**Task item**
Copy exactly the lines of the data below that run from the line holding "-366 181 -517" through the line holding "-154 174 -222", both ends included.
______
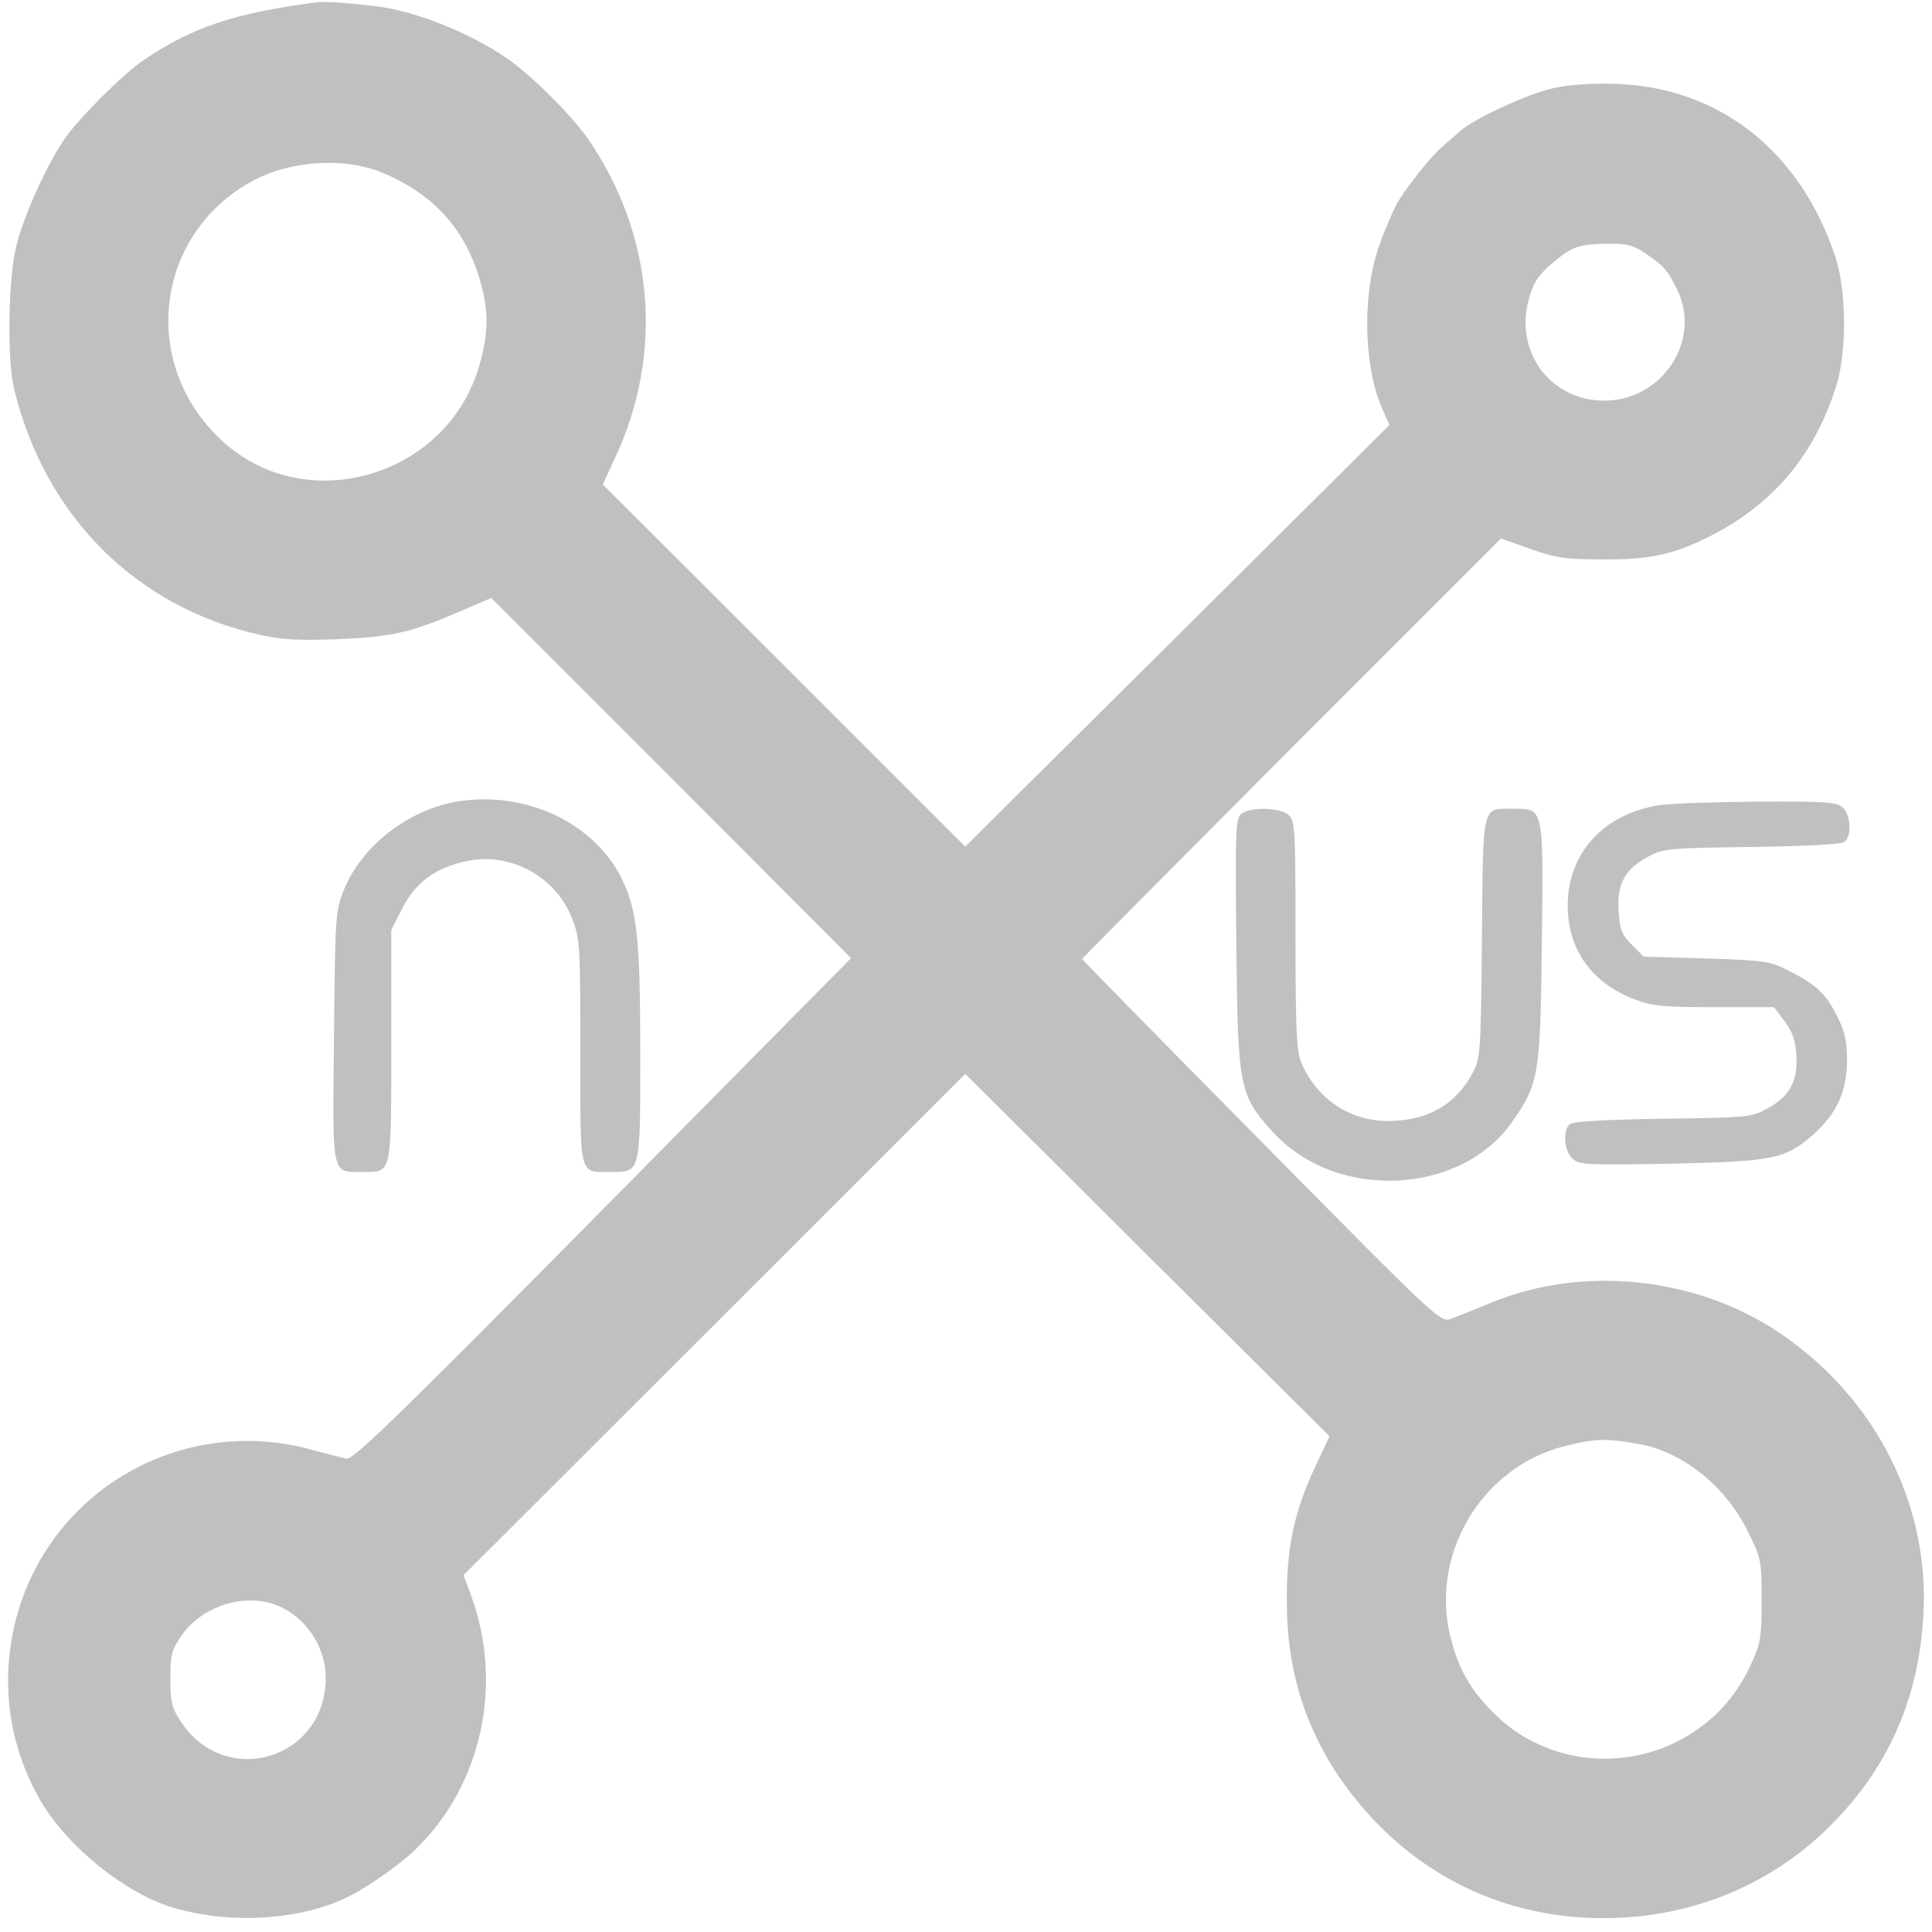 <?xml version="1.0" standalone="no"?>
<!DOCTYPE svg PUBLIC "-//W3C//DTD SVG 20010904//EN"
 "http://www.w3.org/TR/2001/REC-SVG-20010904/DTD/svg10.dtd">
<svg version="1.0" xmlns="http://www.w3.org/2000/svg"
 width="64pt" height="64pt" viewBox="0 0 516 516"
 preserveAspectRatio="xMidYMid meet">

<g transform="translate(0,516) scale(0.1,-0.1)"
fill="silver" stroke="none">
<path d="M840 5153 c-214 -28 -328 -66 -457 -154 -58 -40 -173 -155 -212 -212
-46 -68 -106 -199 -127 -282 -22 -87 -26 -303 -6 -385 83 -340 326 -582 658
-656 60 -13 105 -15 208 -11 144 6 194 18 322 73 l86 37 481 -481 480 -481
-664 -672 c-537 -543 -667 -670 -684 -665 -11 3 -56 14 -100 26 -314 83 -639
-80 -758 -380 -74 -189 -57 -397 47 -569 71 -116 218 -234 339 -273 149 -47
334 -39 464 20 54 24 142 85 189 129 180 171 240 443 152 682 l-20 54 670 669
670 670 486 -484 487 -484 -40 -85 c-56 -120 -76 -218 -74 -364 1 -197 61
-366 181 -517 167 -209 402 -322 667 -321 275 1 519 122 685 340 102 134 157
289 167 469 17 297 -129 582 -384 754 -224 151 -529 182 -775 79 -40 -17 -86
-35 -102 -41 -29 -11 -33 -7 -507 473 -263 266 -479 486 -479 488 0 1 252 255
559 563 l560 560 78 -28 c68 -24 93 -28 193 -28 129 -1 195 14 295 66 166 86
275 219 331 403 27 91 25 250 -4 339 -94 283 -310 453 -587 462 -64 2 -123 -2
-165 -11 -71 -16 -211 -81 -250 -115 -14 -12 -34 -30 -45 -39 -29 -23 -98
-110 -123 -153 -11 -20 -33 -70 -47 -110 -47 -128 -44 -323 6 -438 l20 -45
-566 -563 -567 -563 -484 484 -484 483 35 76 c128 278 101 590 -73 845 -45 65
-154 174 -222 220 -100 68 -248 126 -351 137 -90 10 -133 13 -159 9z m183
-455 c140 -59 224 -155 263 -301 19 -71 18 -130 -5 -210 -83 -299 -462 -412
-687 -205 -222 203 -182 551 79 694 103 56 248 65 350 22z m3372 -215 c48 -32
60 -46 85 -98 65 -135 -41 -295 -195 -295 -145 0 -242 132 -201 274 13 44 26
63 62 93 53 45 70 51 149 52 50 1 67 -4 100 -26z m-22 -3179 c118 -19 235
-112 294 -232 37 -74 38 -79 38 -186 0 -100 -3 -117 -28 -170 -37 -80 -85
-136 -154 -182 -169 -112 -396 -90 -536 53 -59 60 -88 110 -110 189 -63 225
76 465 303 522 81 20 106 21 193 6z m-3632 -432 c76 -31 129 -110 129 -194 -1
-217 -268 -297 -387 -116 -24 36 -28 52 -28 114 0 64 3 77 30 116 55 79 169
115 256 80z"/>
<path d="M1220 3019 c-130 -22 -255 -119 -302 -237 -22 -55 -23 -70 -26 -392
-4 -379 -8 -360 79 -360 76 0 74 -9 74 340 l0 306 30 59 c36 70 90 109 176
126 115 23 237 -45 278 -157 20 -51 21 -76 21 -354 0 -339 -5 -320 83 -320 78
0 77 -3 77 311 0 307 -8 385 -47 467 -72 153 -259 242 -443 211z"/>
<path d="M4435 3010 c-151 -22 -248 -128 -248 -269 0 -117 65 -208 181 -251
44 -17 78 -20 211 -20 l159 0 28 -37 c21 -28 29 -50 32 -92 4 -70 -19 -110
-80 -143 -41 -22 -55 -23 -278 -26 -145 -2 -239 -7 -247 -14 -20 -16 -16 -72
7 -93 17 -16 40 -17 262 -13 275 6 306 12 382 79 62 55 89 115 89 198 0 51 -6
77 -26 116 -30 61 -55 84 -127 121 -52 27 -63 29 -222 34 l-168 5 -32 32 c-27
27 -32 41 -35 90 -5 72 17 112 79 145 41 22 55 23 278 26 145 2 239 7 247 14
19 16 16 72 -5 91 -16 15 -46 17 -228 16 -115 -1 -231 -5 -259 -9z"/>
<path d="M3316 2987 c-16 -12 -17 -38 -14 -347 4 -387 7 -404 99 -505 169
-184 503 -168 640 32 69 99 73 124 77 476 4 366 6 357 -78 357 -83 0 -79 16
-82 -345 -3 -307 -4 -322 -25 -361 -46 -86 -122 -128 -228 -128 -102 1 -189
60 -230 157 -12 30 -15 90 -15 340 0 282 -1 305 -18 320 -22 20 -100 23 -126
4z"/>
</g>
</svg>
______
**Answer to this task**
-366 181 -517 167 -209 402 -322 667 -321 275 1 519 122 685 340 102 134 157
289 167 469 17 297 -129 582 -384 754 -224 151 -529 182 -775 79 -40 -17 -86
-35 -102 -41 -29 -11 -33 -7 -507 473 -263 266 -479 486 -479 488 0 1 252 255
559 563 l560 560 78 -28 c68 -24 93 -28 193 -28 129 -1 195 14 295 66 166 86
275 219 331 403 27 91 25 250 -4 339 -94 283 -310 453 -587 462 -64 2 -123 -2
-165 -11 -71 -16 -211 -81 -250 -115 -14 -12 -34 -30 -45 -39 -29 -23 -98
-110 -123 -153 -11 -20 -33 -70 -47 -110 -47 -128 -44 -323 6 -438 l20 -45
-566 -563 -567 -563 -484 484 -484 483 35 76 c128 278 101 590 -73 845 -45 65
-154 174 -222 220 -100 68 -248 126 -351 137 -90 10 -133 13 -159 9z m183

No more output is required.